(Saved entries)

*** Block opens ***

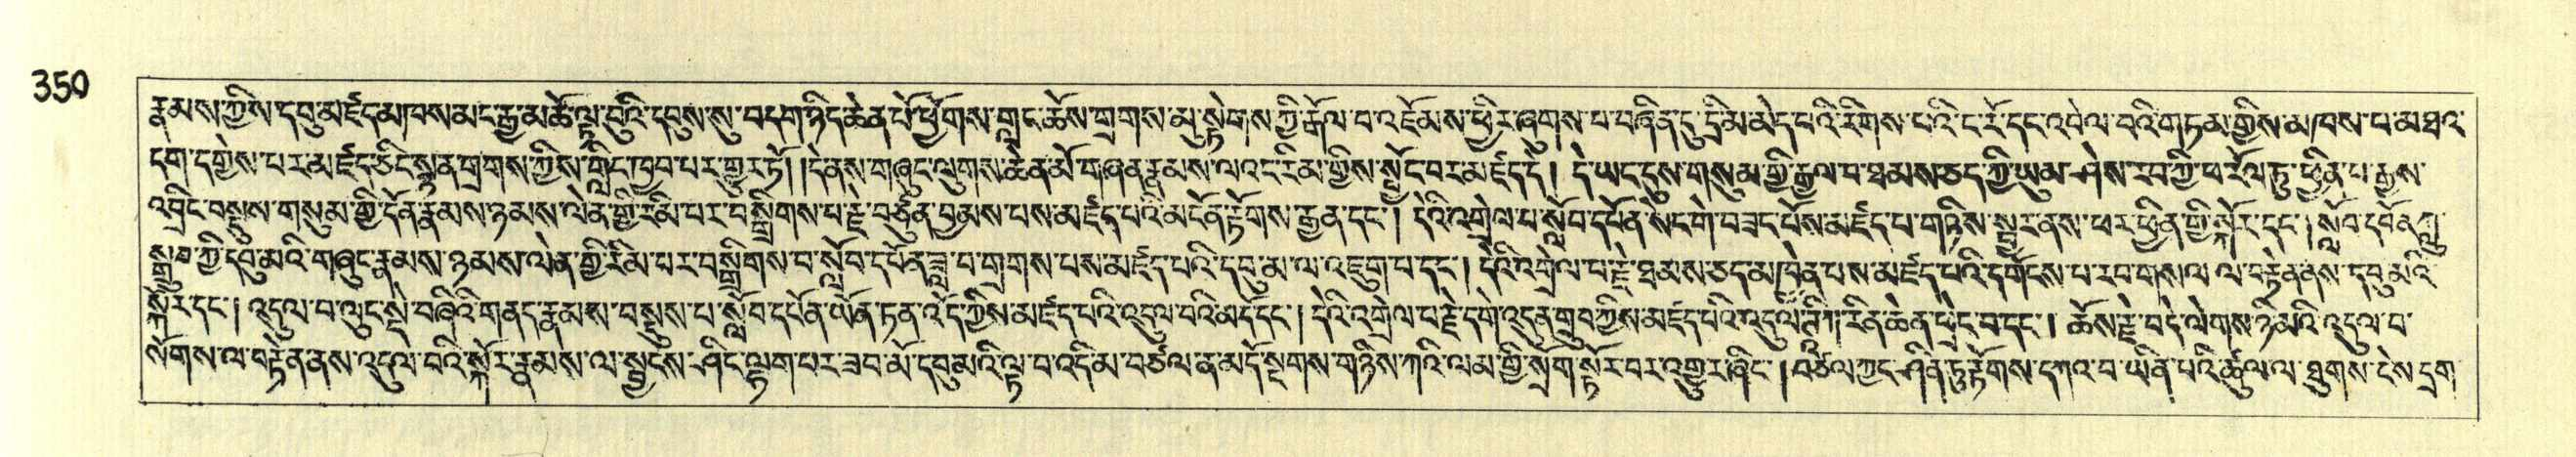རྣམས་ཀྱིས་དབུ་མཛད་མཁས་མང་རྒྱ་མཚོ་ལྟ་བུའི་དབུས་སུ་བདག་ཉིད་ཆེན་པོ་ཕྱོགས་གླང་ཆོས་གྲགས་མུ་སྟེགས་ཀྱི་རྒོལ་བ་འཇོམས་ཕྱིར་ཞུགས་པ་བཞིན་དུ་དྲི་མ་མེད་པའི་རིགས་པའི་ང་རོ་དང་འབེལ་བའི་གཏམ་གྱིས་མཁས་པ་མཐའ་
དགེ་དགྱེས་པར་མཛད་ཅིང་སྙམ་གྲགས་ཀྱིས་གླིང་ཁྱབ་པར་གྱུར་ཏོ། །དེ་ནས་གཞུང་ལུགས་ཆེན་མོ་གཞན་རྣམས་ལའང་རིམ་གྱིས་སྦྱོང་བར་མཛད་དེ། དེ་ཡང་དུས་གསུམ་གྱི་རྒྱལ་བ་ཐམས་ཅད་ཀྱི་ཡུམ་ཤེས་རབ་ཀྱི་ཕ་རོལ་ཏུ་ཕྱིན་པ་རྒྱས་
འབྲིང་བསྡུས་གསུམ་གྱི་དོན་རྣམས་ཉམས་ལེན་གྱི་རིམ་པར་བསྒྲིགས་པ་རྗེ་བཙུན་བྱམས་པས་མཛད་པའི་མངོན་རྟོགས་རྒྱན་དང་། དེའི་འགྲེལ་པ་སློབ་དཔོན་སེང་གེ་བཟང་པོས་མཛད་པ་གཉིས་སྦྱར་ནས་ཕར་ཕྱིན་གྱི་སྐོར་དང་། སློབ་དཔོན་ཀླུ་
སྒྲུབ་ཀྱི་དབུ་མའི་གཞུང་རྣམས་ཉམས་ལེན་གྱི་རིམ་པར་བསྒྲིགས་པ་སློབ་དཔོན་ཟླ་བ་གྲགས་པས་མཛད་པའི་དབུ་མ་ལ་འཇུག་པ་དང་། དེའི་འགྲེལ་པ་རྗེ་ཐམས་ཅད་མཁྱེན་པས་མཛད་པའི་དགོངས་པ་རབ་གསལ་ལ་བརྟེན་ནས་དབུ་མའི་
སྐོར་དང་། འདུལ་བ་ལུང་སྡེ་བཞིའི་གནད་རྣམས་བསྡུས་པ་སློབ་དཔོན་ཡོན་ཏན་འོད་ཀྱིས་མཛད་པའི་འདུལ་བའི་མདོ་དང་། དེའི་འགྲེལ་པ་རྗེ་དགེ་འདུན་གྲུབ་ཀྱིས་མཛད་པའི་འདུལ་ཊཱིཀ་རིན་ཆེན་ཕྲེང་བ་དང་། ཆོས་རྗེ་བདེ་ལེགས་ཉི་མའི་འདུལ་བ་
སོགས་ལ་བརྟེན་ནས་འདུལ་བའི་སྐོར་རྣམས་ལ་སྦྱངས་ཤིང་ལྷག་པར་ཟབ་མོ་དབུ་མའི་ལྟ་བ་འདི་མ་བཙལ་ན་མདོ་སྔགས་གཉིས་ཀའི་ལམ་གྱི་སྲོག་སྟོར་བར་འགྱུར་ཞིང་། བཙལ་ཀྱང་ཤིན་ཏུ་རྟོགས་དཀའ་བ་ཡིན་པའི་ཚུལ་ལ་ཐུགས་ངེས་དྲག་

*** Block closes ***
*** Block opens ***

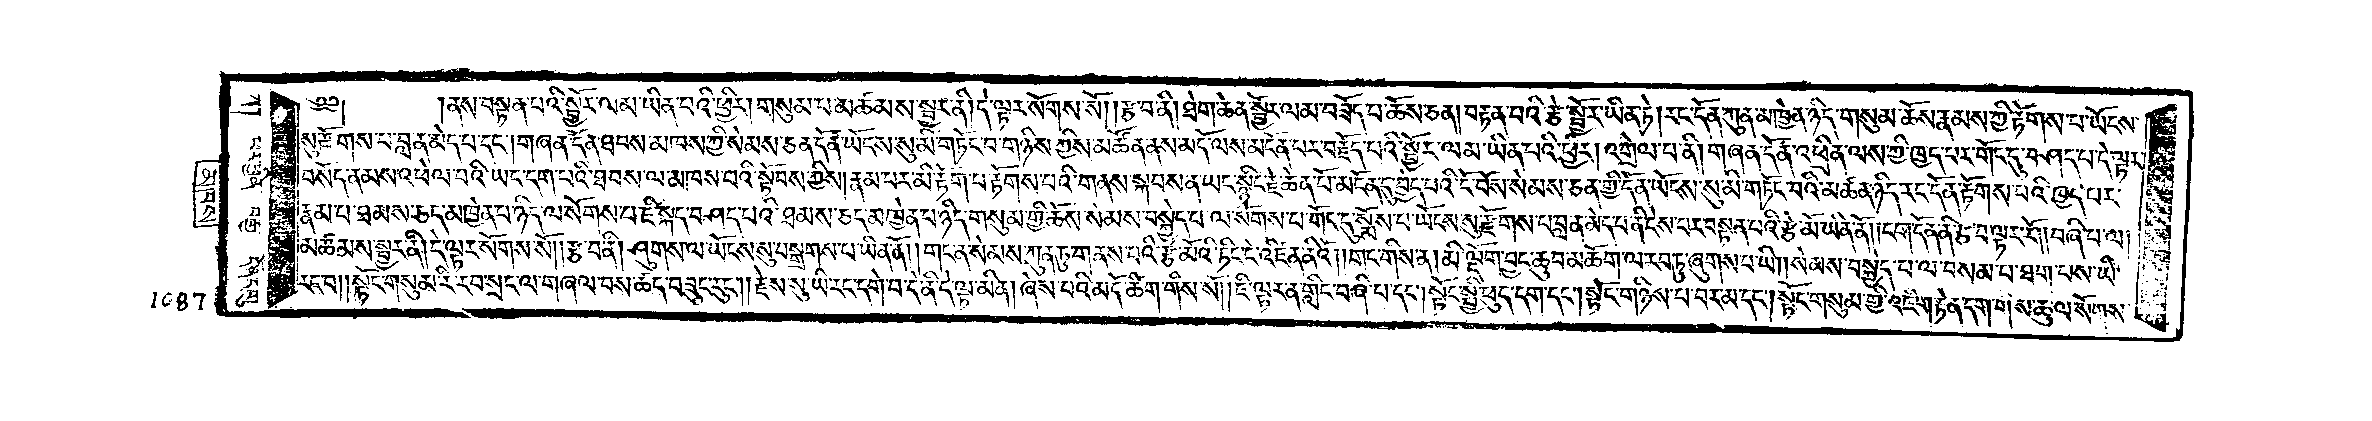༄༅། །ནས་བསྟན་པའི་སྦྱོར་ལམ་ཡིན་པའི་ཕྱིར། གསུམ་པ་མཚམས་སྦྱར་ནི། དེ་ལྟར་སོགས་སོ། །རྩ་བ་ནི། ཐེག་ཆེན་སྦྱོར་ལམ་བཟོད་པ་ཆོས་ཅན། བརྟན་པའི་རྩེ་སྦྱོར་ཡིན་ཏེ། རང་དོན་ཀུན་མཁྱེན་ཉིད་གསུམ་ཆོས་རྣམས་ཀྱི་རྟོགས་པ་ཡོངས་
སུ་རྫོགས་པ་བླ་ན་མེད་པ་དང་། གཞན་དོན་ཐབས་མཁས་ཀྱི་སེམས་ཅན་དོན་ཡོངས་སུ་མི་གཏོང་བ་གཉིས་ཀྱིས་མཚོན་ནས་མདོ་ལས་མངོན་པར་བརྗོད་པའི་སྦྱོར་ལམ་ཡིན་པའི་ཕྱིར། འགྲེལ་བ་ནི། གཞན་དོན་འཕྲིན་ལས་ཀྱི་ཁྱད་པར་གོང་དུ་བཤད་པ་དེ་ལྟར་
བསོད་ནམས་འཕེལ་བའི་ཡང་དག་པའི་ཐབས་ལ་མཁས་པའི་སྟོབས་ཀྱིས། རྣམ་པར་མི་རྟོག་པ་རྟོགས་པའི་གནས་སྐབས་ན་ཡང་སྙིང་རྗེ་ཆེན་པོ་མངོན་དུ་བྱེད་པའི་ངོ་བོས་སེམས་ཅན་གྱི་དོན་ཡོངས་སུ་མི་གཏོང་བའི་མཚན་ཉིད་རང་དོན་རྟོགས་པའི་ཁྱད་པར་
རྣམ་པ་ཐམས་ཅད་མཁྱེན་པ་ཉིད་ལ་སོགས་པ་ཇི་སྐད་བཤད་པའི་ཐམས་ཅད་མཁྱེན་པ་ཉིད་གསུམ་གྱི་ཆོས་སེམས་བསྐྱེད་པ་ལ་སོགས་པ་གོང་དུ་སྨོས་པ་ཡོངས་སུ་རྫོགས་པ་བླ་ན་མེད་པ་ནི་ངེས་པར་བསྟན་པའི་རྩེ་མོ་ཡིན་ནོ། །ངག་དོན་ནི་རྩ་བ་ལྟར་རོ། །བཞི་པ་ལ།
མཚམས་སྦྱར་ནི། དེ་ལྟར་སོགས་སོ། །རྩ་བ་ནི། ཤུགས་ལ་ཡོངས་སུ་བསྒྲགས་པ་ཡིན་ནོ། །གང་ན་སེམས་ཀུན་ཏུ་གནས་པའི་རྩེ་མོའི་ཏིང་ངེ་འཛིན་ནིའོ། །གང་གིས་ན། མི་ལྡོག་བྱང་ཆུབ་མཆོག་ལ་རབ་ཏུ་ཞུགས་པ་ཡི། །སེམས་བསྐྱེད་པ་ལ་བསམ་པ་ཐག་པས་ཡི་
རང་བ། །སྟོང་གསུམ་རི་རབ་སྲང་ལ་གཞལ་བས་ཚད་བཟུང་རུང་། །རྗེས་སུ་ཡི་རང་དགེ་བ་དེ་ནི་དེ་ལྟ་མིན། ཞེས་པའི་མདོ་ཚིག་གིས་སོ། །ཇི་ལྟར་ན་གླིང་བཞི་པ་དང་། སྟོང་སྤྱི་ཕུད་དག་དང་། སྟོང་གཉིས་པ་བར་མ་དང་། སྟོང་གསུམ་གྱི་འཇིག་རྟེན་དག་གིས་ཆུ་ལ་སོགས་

*** Block closes ***
*** Block opens ***

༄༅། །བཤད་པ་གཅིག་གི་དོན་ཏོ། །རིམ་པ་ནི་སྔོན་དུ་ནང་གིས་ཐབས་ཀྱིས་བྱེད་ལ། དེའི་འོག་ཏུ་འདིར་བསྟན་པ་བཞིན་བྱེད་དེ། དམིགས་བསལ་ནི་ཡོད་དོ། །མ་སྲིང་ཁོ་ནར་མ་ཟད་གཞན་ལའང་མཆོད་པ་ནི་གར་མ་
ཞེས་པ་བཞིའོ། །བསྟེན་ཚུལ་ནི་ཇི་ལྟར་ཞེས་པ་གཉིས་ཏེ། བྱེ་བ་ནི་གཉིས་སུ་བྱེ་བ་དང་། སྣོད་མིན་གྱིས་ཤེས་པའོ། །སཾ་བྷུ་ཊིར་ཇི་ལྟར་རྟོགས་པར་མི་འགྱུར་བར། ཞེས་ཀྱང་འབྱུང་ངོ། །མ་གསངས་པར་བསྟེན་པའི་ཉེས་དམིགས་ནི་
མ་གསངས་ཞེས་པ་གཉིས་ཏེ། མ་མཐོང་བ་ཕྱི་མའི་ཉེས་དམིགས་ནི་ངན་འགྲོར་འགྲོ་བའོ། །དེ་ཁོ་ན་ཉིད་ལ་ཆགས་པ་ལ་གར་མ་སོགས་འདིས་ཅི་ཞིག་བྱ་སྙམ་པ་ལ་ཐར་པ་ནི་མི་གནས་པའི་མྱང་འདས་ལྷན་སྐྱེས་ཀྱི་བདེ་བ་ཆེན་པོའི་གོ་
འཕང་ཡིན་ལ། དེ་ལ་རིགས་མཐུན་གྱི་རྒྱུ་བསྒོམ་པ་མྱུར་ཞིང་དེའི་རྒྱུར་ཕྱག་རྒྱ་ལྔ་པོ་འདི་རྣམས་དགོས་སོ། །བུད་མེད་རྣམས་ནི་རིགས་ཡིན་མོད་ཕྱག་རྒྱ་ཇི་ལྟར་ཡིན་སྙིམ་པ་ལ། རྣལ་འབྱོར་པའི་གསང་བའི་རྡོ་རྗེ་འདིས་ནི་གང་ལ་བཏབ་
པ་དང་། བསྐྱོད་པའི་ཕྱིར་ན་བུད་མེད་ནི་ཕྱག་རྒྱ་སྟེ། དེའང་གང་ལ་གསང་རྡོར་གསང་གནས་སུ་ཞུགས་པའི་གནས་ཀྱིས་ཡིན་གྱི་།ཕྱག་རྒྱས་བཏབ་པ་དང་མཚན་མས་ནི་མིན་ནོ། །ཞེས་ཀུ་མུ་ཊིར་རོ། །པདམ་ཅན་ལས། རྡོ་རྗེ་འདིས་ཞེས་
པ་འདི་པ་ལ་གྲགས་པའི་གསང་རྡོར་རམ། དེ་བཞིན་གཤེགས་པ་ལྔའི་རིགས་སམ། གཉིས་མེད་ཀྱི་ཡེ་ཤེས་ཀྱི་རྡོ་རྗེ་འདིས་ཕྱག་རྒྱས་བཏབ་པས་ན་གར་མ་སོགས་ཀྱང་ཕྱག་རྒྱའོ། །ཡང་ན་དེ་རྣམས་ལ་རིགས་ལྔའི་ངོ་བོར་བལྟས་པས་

*** Block closes ***

▶ _Problem description_
Every line above from the line with "སྒྲུབ་ཀྱི་དབུ་" to the line with "སོགས་ལ་བརྟེན་ན", inclusive, must be returned exactly; no other line belongs in the reply.

▶ _Your solution_
སྒྲུབ་ཀྱི་དབུ་མའི་གཞུང་རྣམས་ཉམས་ལེན་གྱི་རིམ་པར་བསྒྲིགས་པ་སློབ་དཔོན་ཟླ་བ་གྲགས་པས་མཛད་པའི་དབུ་མ་ལ་འཇུག་པ་དང་། དེའི་འགྲེལ་པ་རྗེ་ཐམས་ཅད་མཁྱེན་པས་མཛད་པའི་དགོངས་པ་རབ་གསལ་ལ་བརྟེན་ནས་དབུ་མའི་
སྐོར་དང་། འདུལ་བ་ལུང་སྡེ་བཞིའི་གནད་རྣམས་བསྡུས་པ་སློབ་དཔོན་ཡོན་ཏན་འོད་ཀྱིས་མཛད་པའི་འདུལ་བའི་མདོ་དང་། དེའི་འགྲེལ་པ་རྗེ་དགེ་འདུན་གྲུབ་ཀྱིས་མཛད་པའི་འདུལ་ཊཱིཀ་རིན་ཆེན་ཕྲེང་བ་དང་། ཆོས་རྗེ་བདེ་ལེགས་ཉི་མའི་འདུལ་བ་
སོགས་ལ་བརྟེན་ནས་འདུལ་བའི་སྐོར་རྣམས་ལ་སྦྱངས་ཤིང་ལྷག་པར་ཟབ་མོ་དབུ་མའི་ལྟ་བ་འདི་མ་བཙལ་ན་མདོ་སྔགས་གཉིས་ཀའི་ལམ་གྱི་སྲོག་སྟོར་བར་འགྱུར་ཞིང་། བཙལ་ཀྱང་ཤིན་ཏུ་རྟོགས་དཀའ་བ་ཡིན་པའི་ཚུལ་ལ་ཐུགས་ངེས་དྲག་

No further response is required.